- What to do
Copy all data exactly. Skip pictures.

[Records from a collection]
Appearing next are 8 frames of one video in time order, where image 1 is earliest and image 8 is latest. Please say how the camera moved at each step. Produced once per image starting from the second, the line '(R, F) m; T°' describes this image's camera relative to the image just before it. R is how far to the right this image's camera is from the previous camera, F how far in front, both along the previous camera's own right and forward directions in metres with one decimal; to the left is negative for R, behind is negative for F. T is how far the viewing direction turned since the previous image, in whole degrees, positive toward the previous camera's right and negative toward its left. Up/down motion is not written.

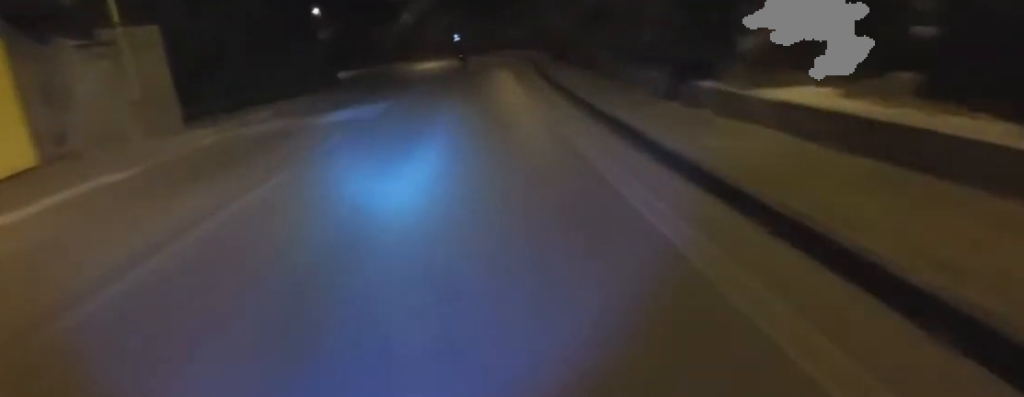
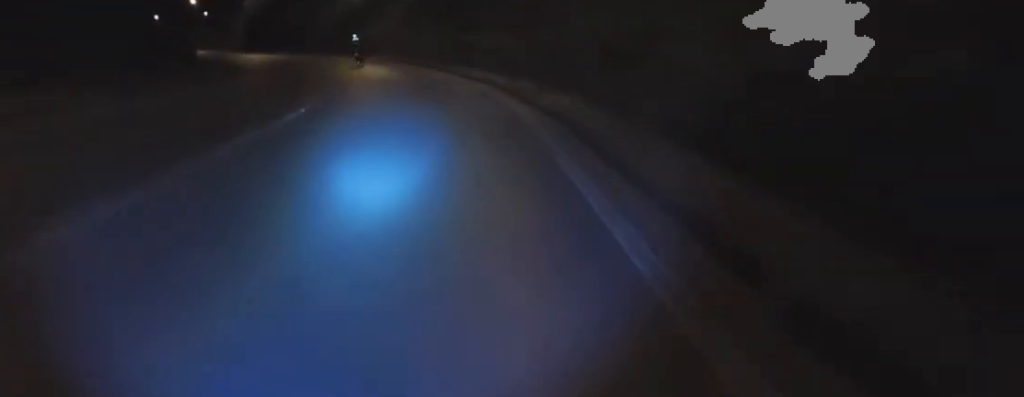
(-1.3, +15.2) m; -7°
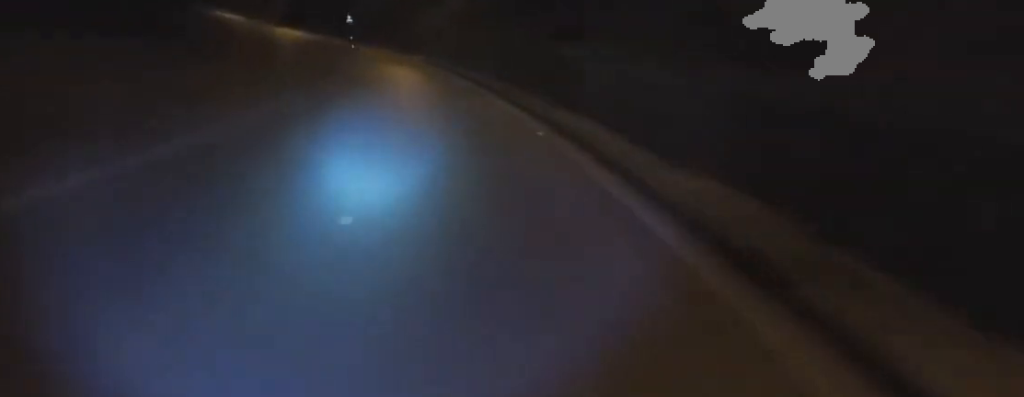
(+0.2, +8.8) m; -5°
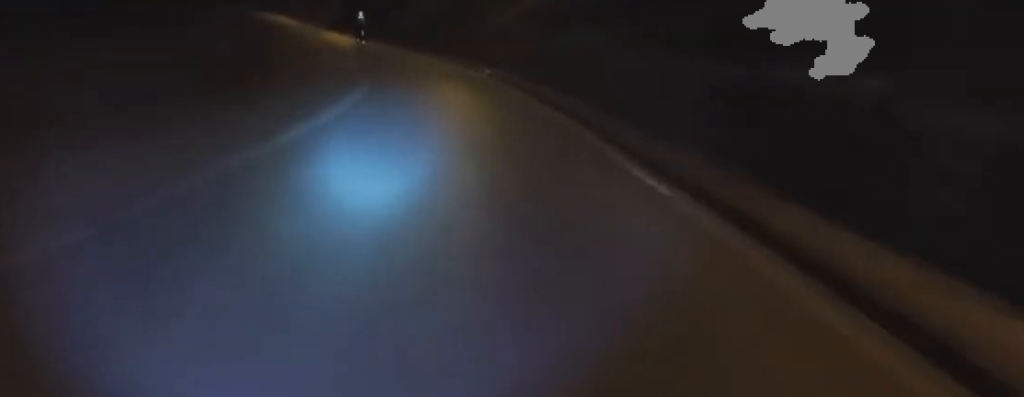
(-0.8, +6.7) m; -5°
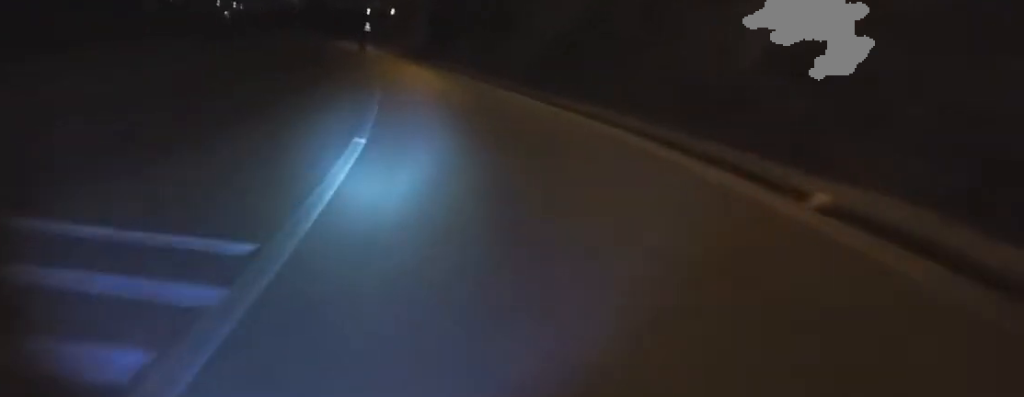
(-0.9, +13.7) m; -4°
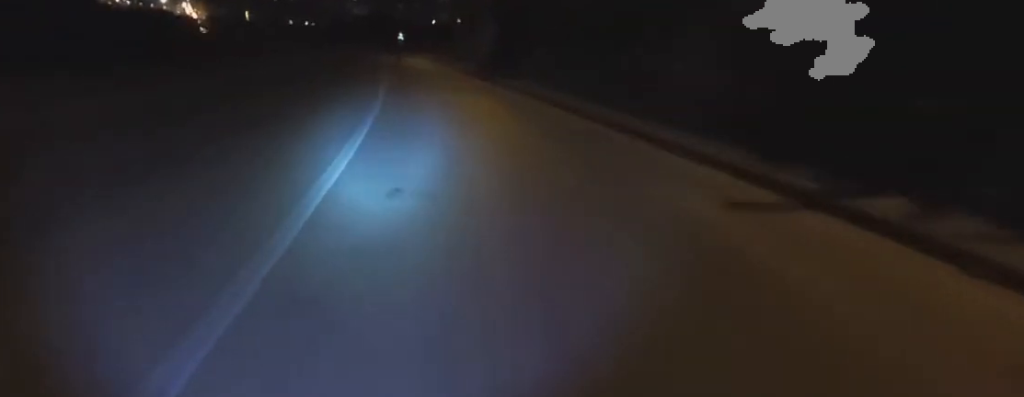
(0.0, +9.6) m; -4°
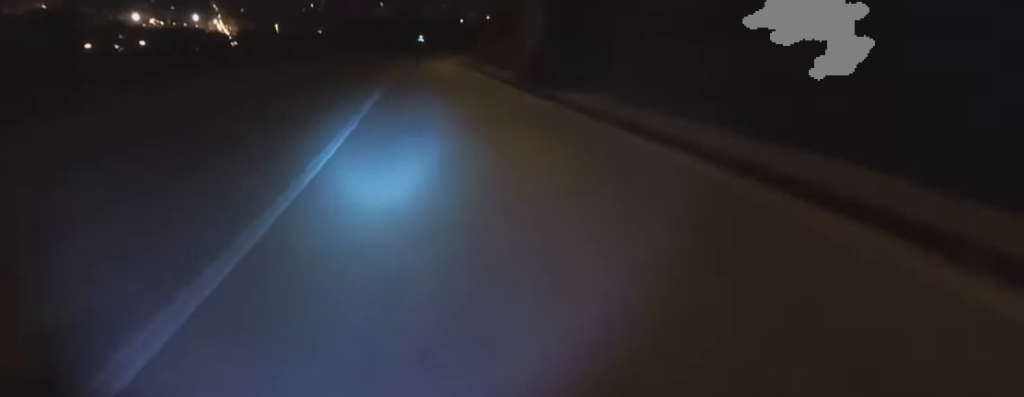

- Answer for this exercise
Appearing next are 8 frames of one video in time order, where image 1 is earliest and image 8 is latest. Please say how the camera moved at each step. Produced once per image starting from the second, the line '(R, F) m; T°' describes this image's camera relative to the image just before it. R is how far to the right this image's camera is from the previous camera, F how far in front, both along the previous camera's own right and forward directions in metres with one decimal; to the left is negative for R, behind is negative for F. T is how far the viewing direction turned since the previous image, in whole degrees, positive toward the previous camera's right and negative toward its left. Up/down motion is not written.

(-1.3, +15.2) m; -7°
(+0.2, +8.8) m; -5°
(-0.8, +6.7) m; -5°
(-0.9, +13.7) m; -4°
(0.0, +9.6) m; -4°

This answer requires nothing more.